Thu, April 9, 7:45 to 9:15am PDT (7:45 to 9:15am PDT), InterContinental Los Angeles Downtown, Floor: 7th Floor, Hollywood Ballroom I

Abstract

This paper theorizes refusal as an intentional, relational, and protective methodological practice grounded in Indigenous, decolonial, and anti-carceral frameworks. Through three distinct vignettes, we examine how selective transparency serves as an ethic of care, spiritual discernment, and political resistance when engaging with communities vulnerable to extractive research practices. Responding to calls for ethically grounded, culturally situated methodologies, we argue that refusal is not the absence of data but a generative act of scholarly responsibility. Drawing on ethnographic and autoethnographic inquiry, the paper engages with ceremonial protocols, fieldnotes, and reflexive memos across three research sites: collaborations with Indigenous Two-Spirit/Queer/Trans (2S/Q/T) community members, educational programming in juvenile detention centers, and the experiences of K–12 ethnic studies educators in politically hostile environments. Each vignette highlights the researcher’s decision to withhold specific moments, guided by intuition, relational accountability, and concerns for participant safety.
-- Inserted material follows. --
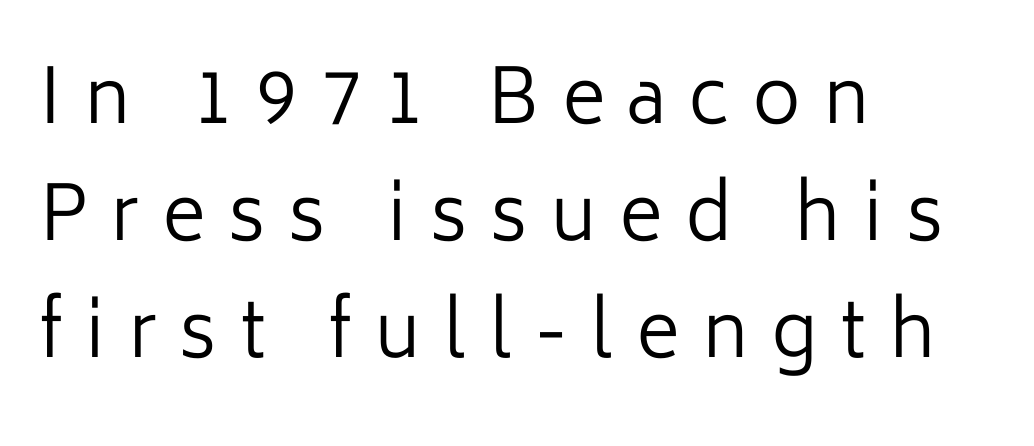
The gap between lines stays unmarked. All the whitespace from short lines collects on the right. Regarding serifs, this sample does without them. What stands out about the letter spacing? Its width — letters are far apart.
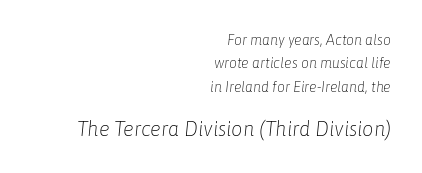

The first vignette describes how ceremony and ancestral guidance shaped decisions about what knowledge was meant to be remembered and shared, honoring Indigenous epistemologies. The second vignette centers on the ethnographer’s choice not to record acts of joy and resistance by incarcerated youth to avoid further surveillance or punishment. The final vignette explores the mutual vulnerability and solidarity shared between a Xicana researcher and teachers facing political repression—underscoring refusal as an act of collective protection. Findings suggest that ethical research cannot rely solely on consent and disclosure but must incorporate spiritual, cultural, and political discernment. This paper contributes to evolving conversations in qualitative inquiry by offering refusal as a methodology that safeguards the sacred, disrupts extractive norms, and reclaims the right to protect that which cannot or should not be translated for academic gain.